At the northwest corner of 115th and Halsted streets sits a stretch of urban pavement that bears mute witness to Chicago’s economic divide.
The 12-acre parcel fronts on two busy streets. A Jewel grocery closed there years ago, and nobody has moved in since. Put a parcel of this size in Fulton Market or Logan Square, and developers would race to line up a deal. On the South Side, though, things can be excruciatingly slow — if they happen at all.
It’s taken a nonprofit group years of effort to get control of the property, arrange key partnerships in the private sector and develop a plan for the site that passes muster. But the resolve of the Far South Community Development Corp. could soon be rewarded.
Abraham Lacy, the group’s president and CEO, has been running the gantlet of community meetings any for-profit developer would recognize. He said various proposed uses were floated and rejected. The availability of fresh food is always an issue in the Black community, but that wasn’t a pressing need for this particular site, as there’s an Aldi just south on Halsted. Also, when the Jewel closed, the company wasn’t abandoning the market; it opened a larger store a few blocks west.
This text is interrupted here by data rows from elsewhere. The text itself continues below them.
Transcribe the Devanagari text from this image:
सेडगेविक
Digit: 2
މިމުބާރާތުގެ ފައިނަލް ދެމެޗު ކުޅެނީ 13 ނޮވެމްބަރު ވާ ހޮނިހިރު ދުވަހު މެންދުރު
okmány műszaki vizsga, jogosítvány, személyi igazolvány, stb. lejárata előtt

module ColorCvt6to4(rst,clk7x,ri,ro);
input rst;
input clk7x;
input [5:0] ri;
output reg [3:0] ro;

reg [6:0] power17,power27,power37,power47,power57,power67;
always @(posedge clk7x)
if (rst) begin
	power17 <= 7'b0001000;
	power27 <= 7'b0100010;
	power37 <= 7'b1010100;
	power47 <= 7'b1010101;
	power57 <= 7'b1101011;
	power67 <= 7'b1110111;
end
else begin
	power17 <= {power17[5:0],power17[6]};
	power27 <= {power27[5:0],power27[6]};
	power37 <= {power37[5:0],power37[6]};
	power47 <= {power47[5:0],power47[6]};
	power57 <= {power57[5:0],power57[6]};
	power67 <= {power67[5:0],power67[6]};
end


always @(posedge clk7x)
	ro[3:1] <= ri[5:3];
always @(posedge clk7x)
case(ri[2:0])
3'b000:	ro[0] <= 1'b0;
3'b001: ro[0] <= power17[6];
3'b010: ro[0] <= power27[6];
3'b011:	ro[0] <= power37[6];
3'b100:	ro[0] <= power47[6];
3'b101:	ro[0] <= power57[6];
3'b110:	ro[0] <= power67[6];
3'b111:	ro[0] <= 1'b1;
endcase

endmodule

So, working with the Chicago architectural firm Lamar Johnson Collaborative, Lacy’s group has crafted a plan for 286 residences, a mix of multifamily buildings and townhomes, some with subsidized rents.
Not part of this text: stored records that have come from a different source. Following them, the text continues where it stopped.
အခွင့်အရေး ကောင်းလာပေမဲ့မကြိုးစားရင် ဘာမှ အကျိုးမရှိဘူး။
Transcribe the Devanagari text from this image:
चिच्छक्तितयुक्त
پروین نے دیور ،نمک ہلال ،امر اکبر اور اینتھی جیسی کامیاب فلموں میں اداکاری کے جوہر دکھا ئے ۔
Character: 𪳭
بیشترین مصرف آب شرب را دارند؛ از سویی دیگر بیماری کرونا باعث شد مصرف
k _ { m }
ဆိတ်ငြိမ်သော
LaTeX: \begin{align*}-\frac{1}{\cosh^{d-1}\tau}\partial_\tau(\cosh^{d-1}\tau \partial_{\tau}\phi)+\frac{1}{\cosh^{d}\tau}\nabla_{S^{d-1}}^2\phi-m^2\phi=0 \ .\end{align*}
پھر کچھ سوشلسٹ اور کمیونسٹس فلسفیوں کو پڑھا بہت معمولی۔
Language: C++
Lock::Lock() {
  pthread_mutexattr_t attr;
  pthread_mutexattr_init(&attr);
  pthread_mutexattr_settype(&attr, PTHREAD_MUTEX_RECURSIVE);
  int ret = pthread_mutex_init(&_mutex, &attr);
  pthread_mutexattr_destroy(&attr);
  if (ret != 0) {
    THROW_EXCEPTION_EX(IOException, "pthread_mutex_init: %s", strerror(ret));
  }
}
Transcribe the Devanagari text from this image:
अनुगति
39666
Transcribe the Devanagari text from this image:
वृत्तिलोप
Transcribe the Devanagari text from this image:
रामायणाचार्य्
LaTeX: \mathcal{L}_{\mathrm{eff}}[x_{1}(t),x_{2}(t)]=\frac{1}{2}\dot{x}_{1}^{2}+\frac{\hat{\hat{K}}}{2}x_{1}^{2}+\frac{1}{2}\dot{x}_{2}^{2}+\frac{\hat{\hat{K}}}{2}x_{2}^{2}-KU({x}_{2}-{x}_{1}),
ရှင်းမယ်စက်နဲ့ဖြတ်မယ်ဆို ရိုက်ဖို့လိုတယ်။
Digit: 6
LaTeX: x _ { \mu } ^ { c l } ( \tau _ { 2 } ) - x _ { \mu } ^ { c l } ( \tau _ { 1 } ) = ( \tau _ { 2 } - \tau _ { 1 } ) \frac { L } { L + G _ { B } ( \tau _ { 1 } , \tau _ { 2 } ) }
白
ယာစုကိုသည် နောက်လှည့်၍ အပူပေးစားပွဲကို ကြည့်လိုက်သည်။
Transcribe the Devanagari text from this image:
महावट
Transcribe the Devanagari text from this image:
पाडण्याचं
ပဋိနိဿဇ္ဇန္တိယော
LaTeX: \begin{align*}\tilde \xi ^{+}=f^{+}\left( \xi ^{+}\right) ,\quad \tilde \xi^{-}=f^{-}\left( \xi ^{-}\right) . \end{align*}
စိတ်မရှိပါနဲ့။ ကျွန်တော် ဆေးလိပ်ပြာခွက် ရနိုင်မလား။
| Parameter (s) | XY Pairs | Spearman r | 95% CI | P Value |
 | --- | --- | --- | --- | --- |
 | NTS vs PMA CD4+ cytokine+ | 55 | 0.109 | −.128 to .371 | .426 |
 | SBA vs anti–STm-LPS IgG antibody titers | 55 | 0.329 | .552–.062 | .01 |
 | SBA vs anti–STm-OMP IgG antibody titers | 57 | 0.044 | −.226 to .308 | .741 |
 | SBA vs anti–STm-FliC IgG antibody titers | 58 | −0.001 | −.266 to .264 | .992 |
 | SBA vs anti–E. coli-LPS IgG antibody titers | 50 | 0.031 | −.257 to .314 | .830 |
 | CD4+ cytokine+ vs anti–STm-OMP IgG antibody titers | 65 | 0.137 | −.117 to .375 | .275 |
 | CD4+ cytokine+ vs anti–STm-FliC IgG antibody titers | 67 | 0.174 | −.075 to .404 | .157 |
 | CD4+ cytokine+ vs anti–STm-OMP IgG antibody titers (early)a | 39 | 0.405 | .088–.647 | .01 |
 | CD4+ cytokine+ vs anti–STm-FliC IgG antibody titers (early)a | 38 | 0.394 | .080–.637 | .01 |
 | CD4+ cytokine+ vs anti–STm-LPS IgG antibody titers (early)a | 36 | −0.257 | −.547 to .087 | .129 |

They call it Morgan Park Commons. The corner is on the edge of Morgan Park, abutting Roseland and Pullman. The development would include about 18,000 square feet of retail space along the major streets. There also would be a 3-acre park connecting to the Major Taylor Bike Trail, along the western edge of the property.
Lacy said in an area where single-family homes predominate, the development would offer a new housing option. The park and other open space would help with stormwater management while making the development an attractive place to live, he said. As is, the site — an empty, 67,000-square-foot store with a parking lot — has been an eyesore.
Abraham Lacy, President and CEO of the Far South Community Development Corp.
In a sign the project is nearly set for city zoning review, the planning department’s Committee on Design looked it over Nov. 9 and gave feedback. The committee is an independent group of urban design professionals that advises developers and the city, suggesting improvements.
The recommendations aren’t binding, but the process amounts to a high-level focus group offering free advice. Developers have grumbled about the committee, but they get a lot of benefit from it.
Committee members liked much about the project, including its attention to community spaces. But they said the site plan gives too much space to streets and to parking. At full buildout, the site could have as many as 346 parking spaces.
Reed Kroloff, dean of the architecture college at the Illinois Institute of Technology, suggested rethinking the street grid. Hana Ishikawa, principal at Site Design Group, said: “The boulevards are problematic,” so wide that “it doesn’t feel like a connected community.” Architect John Ronan said putting four-story buildings along the site’s edges, with shorter buildings in the interior, could create a harmful “fortress-like” effect.
Lacy said he and his architects are considering revisions but noted neighbors wanted the development to have ample on-site parking.
An employee of the neighborhood group for 11 years, Lacy said this is his first large-scale project. He’s hoping to get started on site preparation next year, with construction of the first phase along Halsted beginning a year later.
The organization has been resourceful in seeking help. The state, through efforts of the Illinois Legislative Black Caucus, appropriated $15 million in seed money for the project, and Lacy said he’s waiting for the funds to be released.
City officials have determined it will qualify for low-income housing tax credits. And Lacy is drawing on advice from prominent South Side investor Leon Walker, managing principal of DL3 Realty, and from Preservation of Affordable Housing, a nonprofit that builds multifamily homes.
“They have a heart to teach the next generation of developers,” Lacy said. “I’m leading this project, but I’m observing at the same time.”
In addition, Far South is a finalist for a $10 million Chicago Prize to be awarded by the Pritzker Traubert Foundation. It’s seeking money for a broad community investment initiative. Lacy said the group targets new housing and retail space along Halsted from 99th to 122nd streets, hoping to make it a more attractive southern gateway to the city. He said Morgan Park Commons can proceed without that grant.
If that neglected corner gets redone, who knows what the community can accomplish?
A rendering shows part of the interior of the planned Morgan Park Commons development.